Do you worry that changes in .Net could leave people behind? - D_Guidi
https://odetocode.com/blogs/scott/archive/2019/06/24/questions-from-the-ndc-oslo-panel-discussion-on-the-future.aspx
======
UglyToad
Interested to hear of other people's experiences with async await either in C#
or other languages. It took a while to click for me in C# but now I understand
it, it seems intuitive and usable and I'd be interested to know if there are
superior alternatives.

The thing about ConfigureAwait, for those who aren't familiar with .NET is, as
far as I understand it, about the context on the thread prior to the async
call (this used to include things like the User in an HTTP context) being
restored on the thread which resumes after the call. In a sync block on async
calls this could cause deadlocking due to the waiting thread not being able to
get the context since it never got released. But as far as I'm aware in .NET
Core 2 this is no longer a problem for Web apps anyway.

I know there's been a lot of talk about Rust adopting a slightly different
approach and JavaScript seems to have gone through about 3 iterations so there
are definitely different models out there, I just find it hard to picture how
different models work so it would be good to know some guides or tutorials to
check out for other good systems.

------
qes
> I think EF needs to expand its reach far beyond relational databases.

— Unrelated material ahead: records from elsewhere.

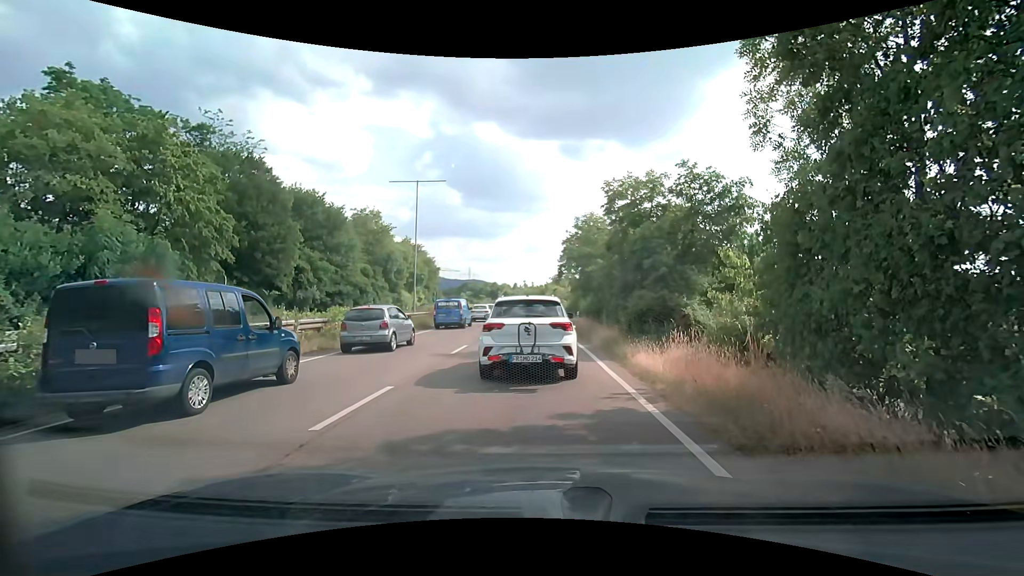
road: trunk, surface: asphalt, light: Day
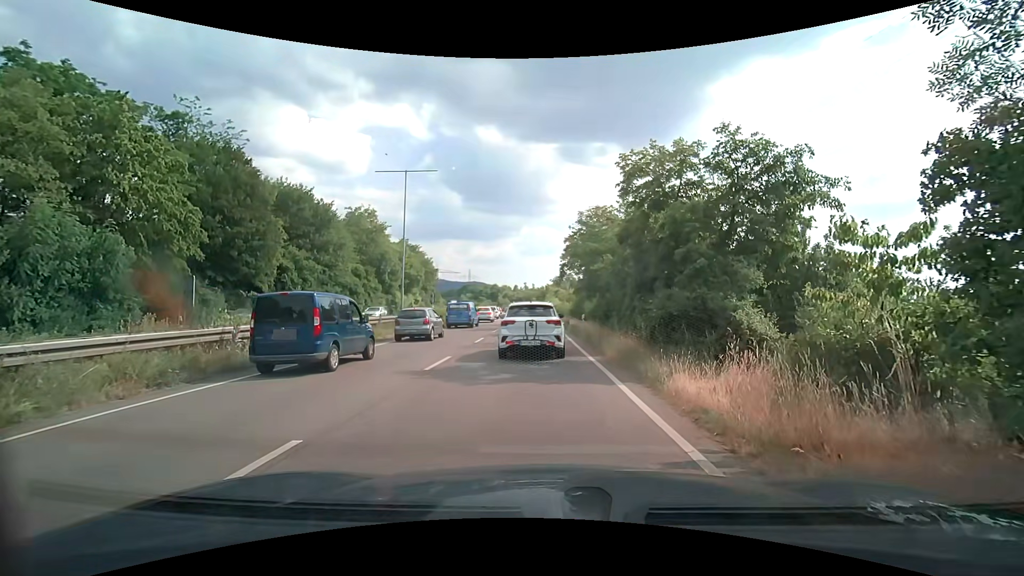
(0.0, +3.4) m; +1°
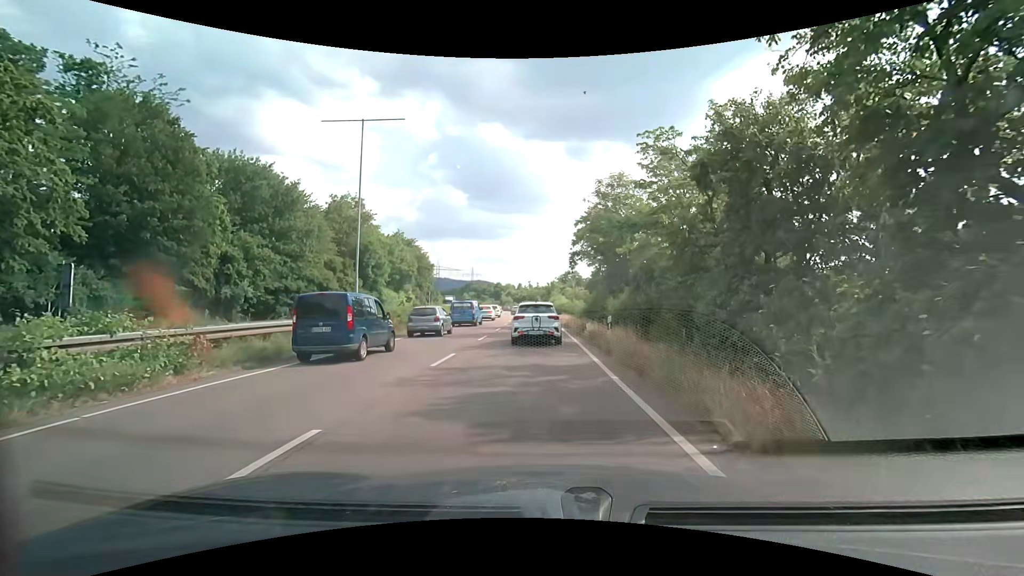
(0.0, +8.9) m; -1°
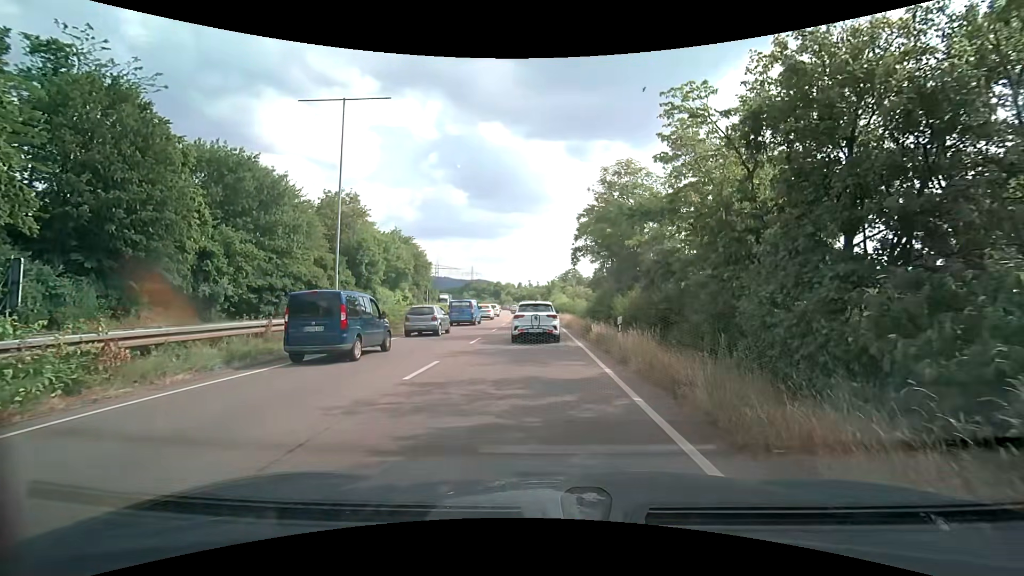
(0.0, +2.3) m; 0°
(0, +10) (0, +20) (0, +30) (0, +40) (0, +50) (-1, +60) (-1, +70) (-2, +80) (-2, +90) (-3, +100) m

I'm not sure I could disagree more. I don't think it's feasible to abstract
away the underlying realities of different data stores. That tends to end in a
mediocre API that handcuffs you from utilizing the advantages of choosing
varying data stores in the first place.

ORMs in general already suffer this criticism with relational data stores.
Trying to make an ORM cover documents and graphs and whatever else will be
worse.

I also thought the Microsoft and the .Net community were moving away from
stuffing everything and the kitchen sink in together.